后来两人去上厕所。区长在尿池边上滑了一跤,一只手撑在尿里,成群的毒蚊向他脸上猛咬。
那一夜他都恶心得睡不着。
五
原来区长就是王四麻!那天早上黄泥街人从噩梦中困醒过来,想起这件事的时候,区长已经不见了。消息是一个独眼和尚带来的。和尚坐在胡三老头的屋檐下,穿着黑大褂,瘦伶伶的肩头耸起老高,远看像是有三只脑袋。和尚一走,齐婆就看见马路中间有两只死猫,已经臭了。一方大红绸被面当街晒着,晃着红光。“恶兆头。”她想,“有人要钻群众的空子。”
“鬼笔……”有人在啾啾地耳语。
迎面来了那剃头的暴眼。齐婆猛一看见,连忙溜进了张灭资的小屋,将门闩上。剃头的喊出那令人毛骨悚然的一声,正好将担子停在门外,呼哧呼哧地喘出粗气。屋里潮得很,到处是点点细碎的磷光,在那深处,幽幽地浮着两点火光。
“我屙了一上午啦。”原来那两点火光是袁四老婆的眼珠。
“嘘!”
剃头担子的响声远去了。
“有一条蛇,”袁四老婆说,“在我头顶的这根梁上悬了整整一上午。

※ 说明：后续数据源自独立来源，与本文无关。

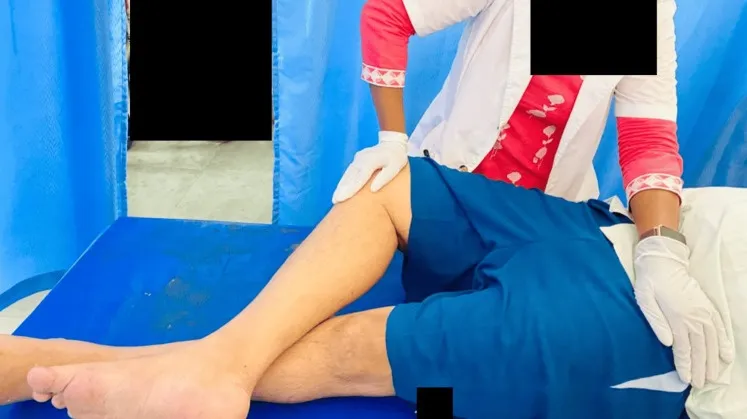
Piriformis stretching.
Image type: medical_photograph (oral_photograph)
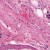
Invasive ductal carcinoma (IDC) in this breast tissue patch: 0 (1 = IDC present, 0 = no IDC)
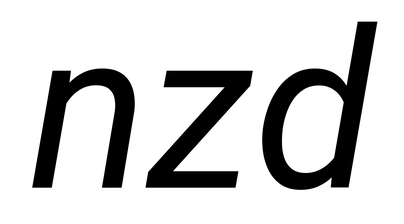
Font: Roboto-Italic_Italic
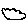
Label: cloud
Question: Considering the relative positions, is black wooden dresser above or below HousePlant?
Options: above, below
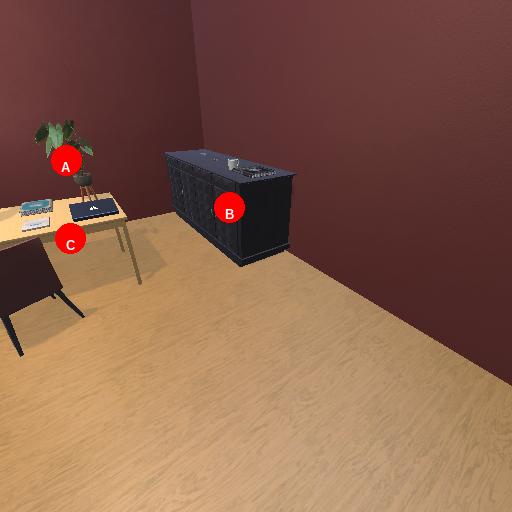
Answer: above
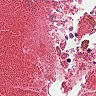
Metastatic tissue present: no
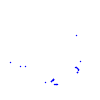
Particle: kaon

我一直在瞪着它。刚才你一进来,它就跑啦。可惜你看不到了。你在干吗?”
“找一找那条蛇,也许在什么角上盘着?”
“找不得!会出事的。你以为我是在屙吗?我是在这里躲着呢。他们要抓我,我一早就从被子里爬出来钻到这里来了。请你看看这副望远镜,这是区长送我的,整整一上午我都用它在侦察街上的动静。”

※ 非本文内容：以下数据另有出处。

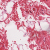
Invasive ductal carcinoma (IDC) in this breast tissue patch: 0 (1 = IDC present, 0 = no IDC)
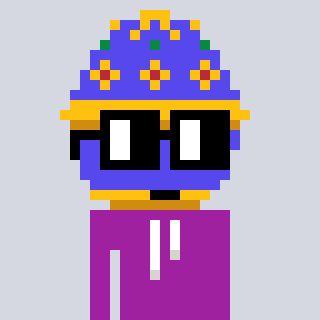
a pixel art character with square black glasses, a faberge-shaped head and a magenta-colored body on a cool background
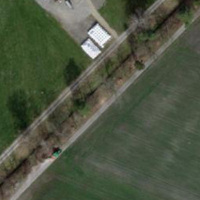
EUNIS habitat code: 25
Species observed at this site:
Turdus viscivorus
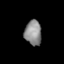
Tissue: lung
Cell type: Endothelial cells
Senescence score: 0.5898
Nuclear area (px): 409
Mean DAPI intensity: 139.337
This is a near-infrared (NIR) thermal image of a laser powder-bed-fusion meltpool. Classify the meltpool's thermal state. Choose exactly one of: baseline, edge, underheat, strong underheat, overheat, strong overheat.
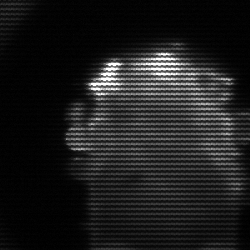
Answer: baseline

“昨夜我一整夜没睡,一直贴着板壁细听。刚才我在路上看见死猫,腿一软,差点路都走不动了,啊呀呀……会要发生什么事?街上到处都是红的。那天夜里他贴在S的墙上睡觉,当时我到垃圾堆里去找点东西,他就喊我‘老同学’。我怎么也想不出,他干吗喊‘老同学’?怪事。”

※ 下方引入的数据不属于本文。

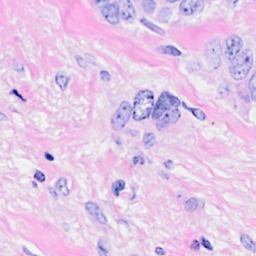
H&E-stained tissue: Breast
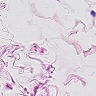
Metastatic tissue present: no

“宋家的和那野汉子闹起来了,”袁四老婆想起来又说,“两人抢一只捕蝇的笼子,蝇子飞得到处都是。那女的是个婊子种,你干吗?”
“有一点事。你听说了关于有贡献者的新待遇的事吗?”
“没有,这几天我都吓得不敢出门。干吗要抓我?简直是胡缠蛮搅,没有大局观念。”
“消息是独眼和尚带来的,我这就到区里去查询。昨天有人来向我透露,他们扔骰子来决定受奖者,这是怎么回事?上面对这种行为干吗不严肃处理?我早估计到这里面有阴险小人捣鬼,这回要是评不上,我要搅它个天翻地覆。”
到了区里,她三脚两脚窜进办事员的房间,笃笃地敲响办公室的桌子。
天气还很热,办事员却戴着一顶黑色的棉帽,还把护耳紧紧地扣上。他取暖似地将一大杯热茶焐在胸上,眼睛从蒙灰的镜片后面盯着桌上一张发黄的旧报纸。报纸的四角全缺了,中间还有好几个大洞,透出底下的红漆桌面。他正在研究那上面画的一只公鸡,一点也没注意到有人进来了。
“喂!”齐婆高声说,又笃笃地敲了两下。
“请认识问题的严重性,”他头也不抬,自言自语着,“一切权力统统下放!”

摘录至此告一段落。